One exception to this is panicking in Rust. If code panics and unwinds across a FFI boundary your pants might be eaten. The easiest way to solve this is by changing the panic behavior to "abort" inside the Cargo.toml file.

The more critical part to get right is the data interface and making sure that concepts map properly from one language into another and any “reinterpretation” of data is safe.

Trying to cast a pointer given from the FFI into a reference can result in undefined behavior and possibly use-after-free, so it should be avoided unless you are 100% sure that the lifetimes match up. While not always bringing the best performance, using owned data (or Copy types) greatly simplifies guaranteeing memory safety.

One pattern that emerged in my code is to have two versions of complex data types: the Rust-internal one and a *Ffi version.

use std::os::raw::c_char;
use std::ffi::CStr;
use std::str::Utf8Error;

pub struct Person {
    pub name: String,
    pub favorite_birds: Vec<String>,
}

#[repr(C)]
#[derive(Copy, Clone)]
pub struct PersonFfi {
    pub name: *const c_char,
    pub favorite_birds_data: *const *const c_char,
    pub favorite_birds_len: usize,
}

impl Person {
    pub unsafe fn from_ffi(p: PersonFfi) -> Result<Self, Utf8Error> {
        use std::slice::from_raw_parts;
    
        unsafe fn ptr_to_string(
            ptr: *const c_char,
        ) -> Result<String, std::str::Utf8Error> {
            let cstr = CStr::from_ptr(ptr);
            
            Ok(cstr.to_str()?.to_string())
        }
        
        let name = ptr_to_string(p.name)?;
        
        let favorite_birds = {
            let slice = from_raw_parts(
                p.favorite_birds_data,
                p.favorite_birds_len,
            );
            let mut res = Vec::with_capacity(p.favorite_birds_len);
            for bird in slice {
                let name = ptr_to_string(*bird)?;
                res.push(name);
            }
            res
        };

        Ok(Person {
            name,
            favorite_birds,
        })
    }
}

These *Ffi types should reside inside the src/ffi directory (or FFI crate).

I personally found that if the FFI code lives inside the same crate as the “main logic” then another challenge can be to know what items should be pub, pub(crate) or hidden. If all access to your code is via an FFI that lives in the same crate, technically everything can be pub(crate) since no outside crate will ever access any items.

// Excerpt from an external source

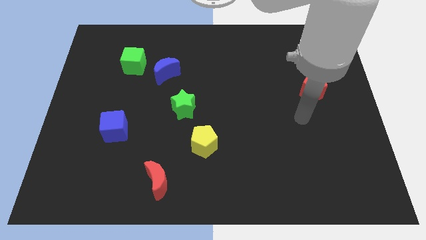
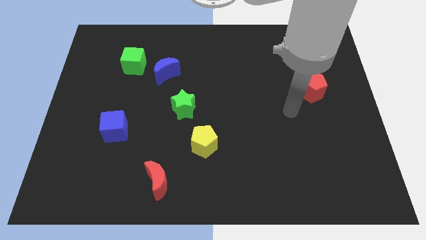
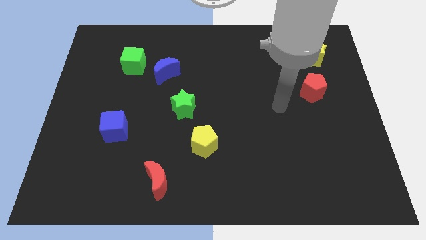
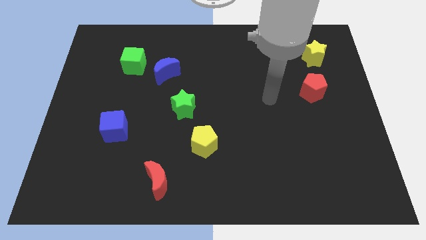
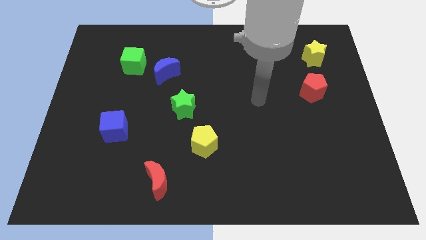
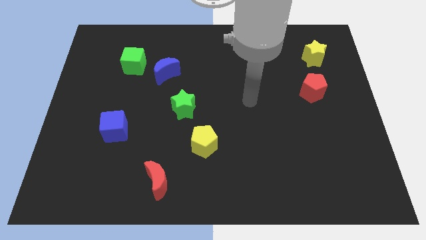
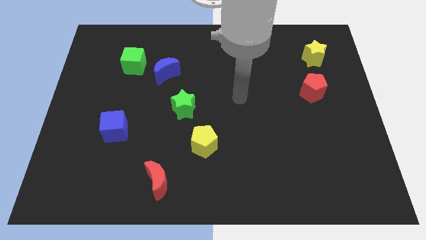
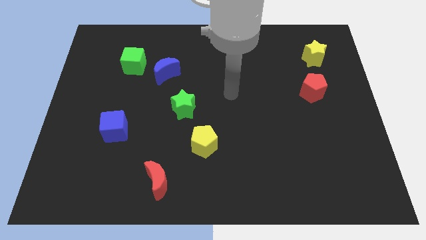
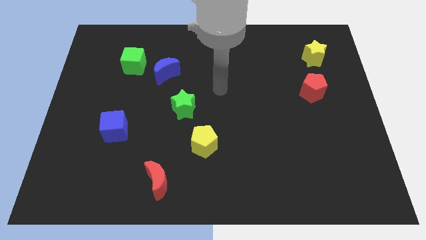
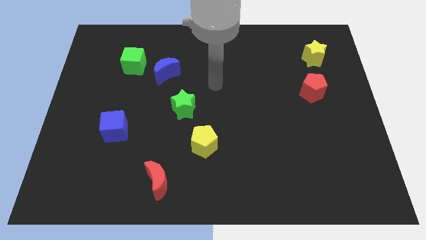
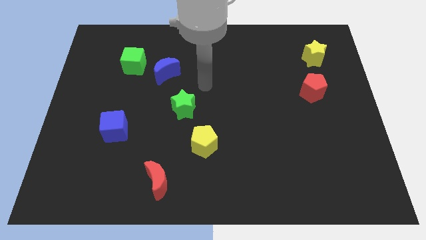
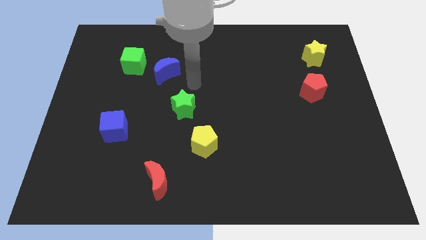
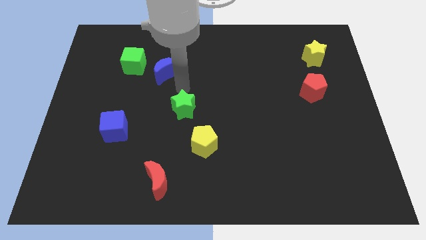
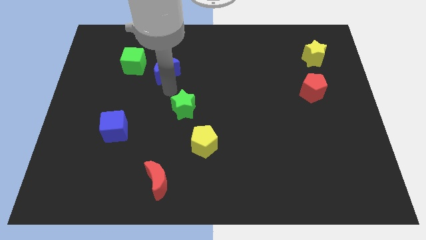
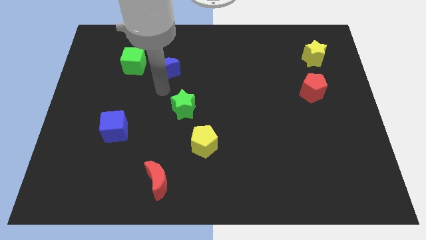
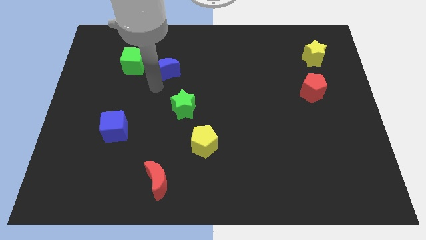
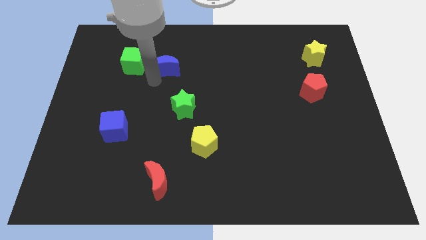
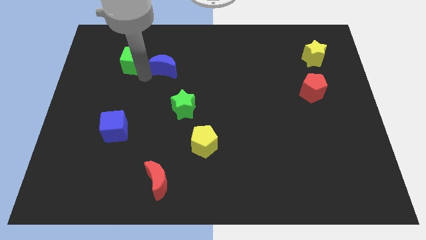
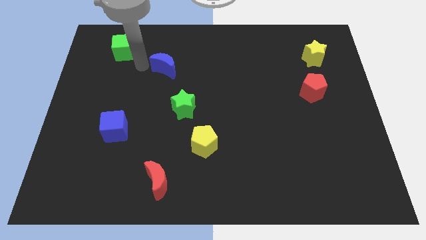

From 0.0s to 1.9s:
pull the blue moon apart from the green cube

Using pub then becomes a mean to get a nice rustdoc documentation for your Rust code, but it also means that warnings such as “unused function” are no longer reported.

Summary

Rust is a good fit for creating C or C++ APIs, the language requires no special runtime, functions are easily callable through a C FFI and user-created types (and primitives) easily translate into C-compatible types.

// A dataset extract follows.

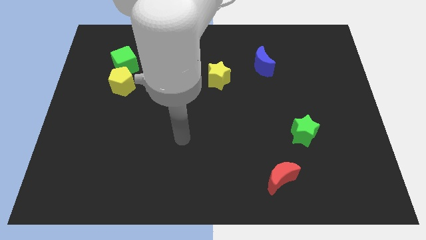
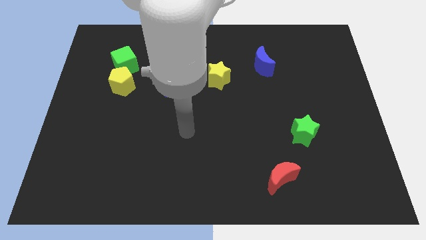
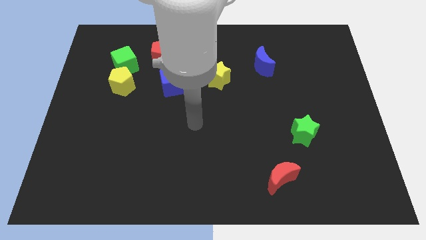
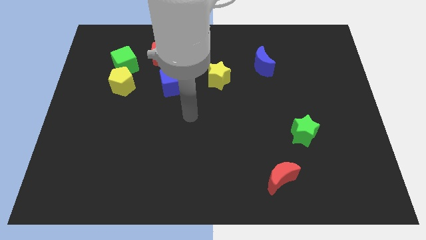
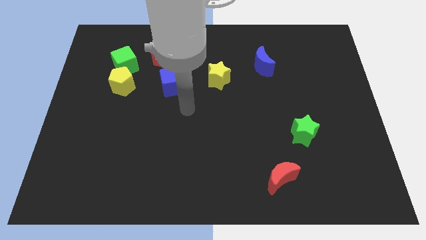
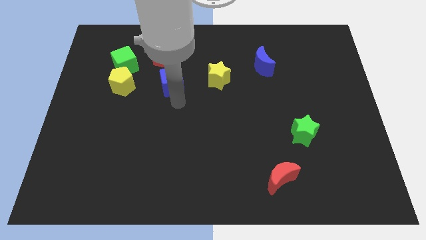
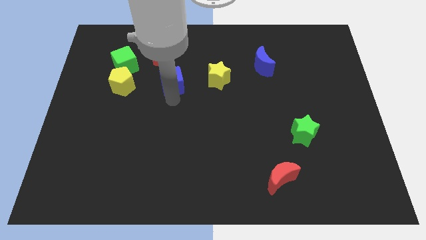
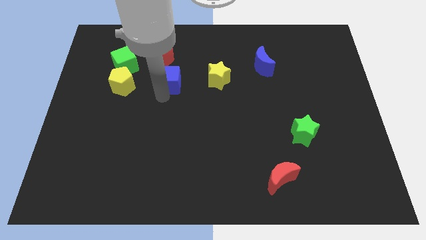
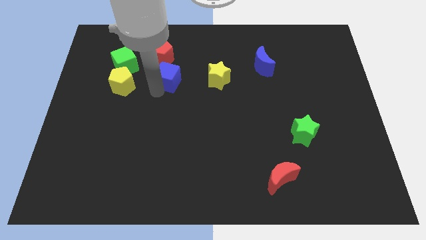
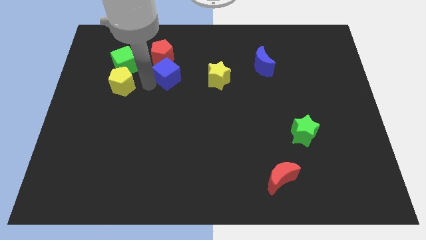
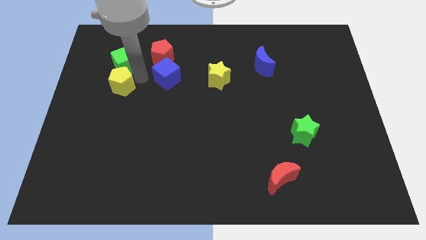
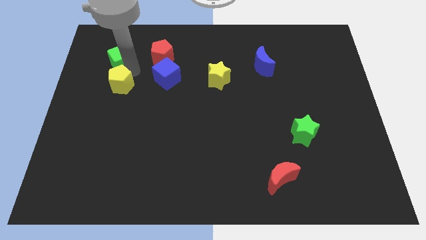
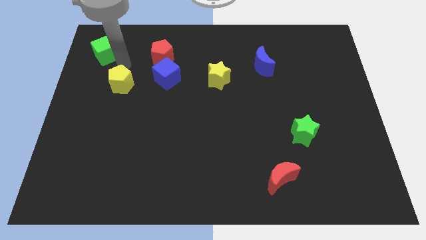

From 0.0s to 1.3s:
pull the yellow pentagon apart from the green cube

There are nice tools such as bindgen, cbindgen and cpp which help reduce boilerplate and automate error-prone binding of types and functions.

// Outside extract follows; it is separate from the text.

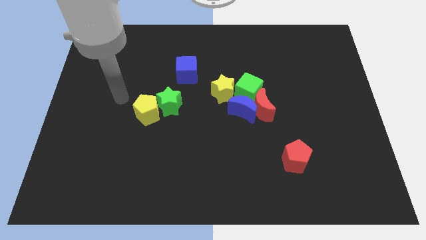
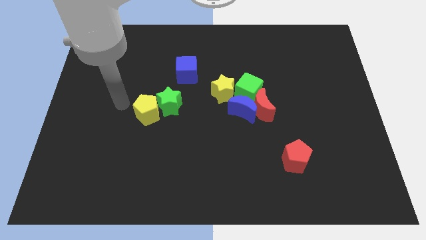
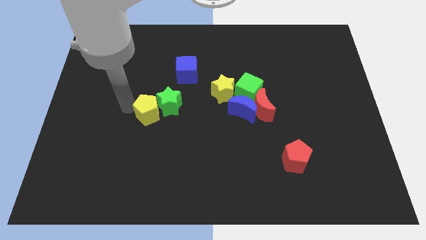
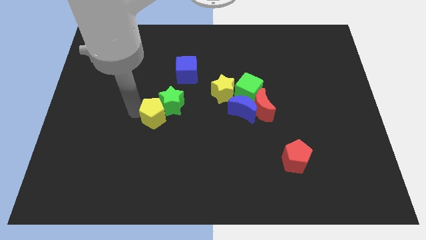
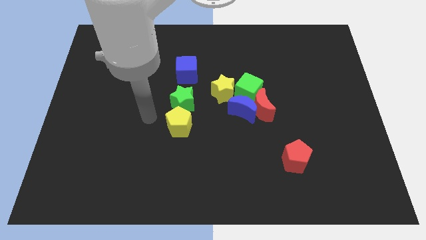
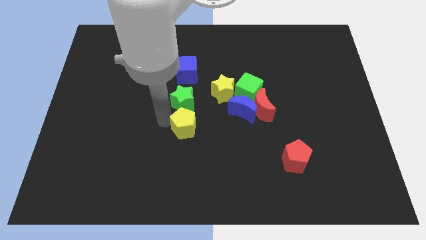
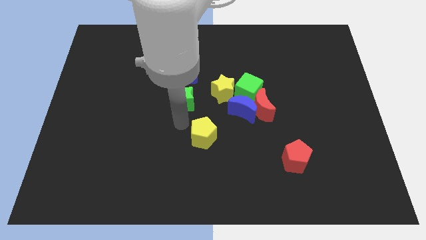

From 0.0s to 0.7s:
separate the green star from the yellow pentagon

When binding a Rust library to C/C++, a clear separation between the core-logic and the FFI layer should exist. In the best case the FFI code lives in a separate crate so that designing the Rust API is not affected too much by the presence of a FFI and choosing visibility modifiers becomes easier.

When exposing data-types to a FFI, Copy types are the nicest to work with, and for non-Copy types owned data should be preferred over borrowed data.

If there are any other tools available that I missed that try to solve the same problems, please let me know!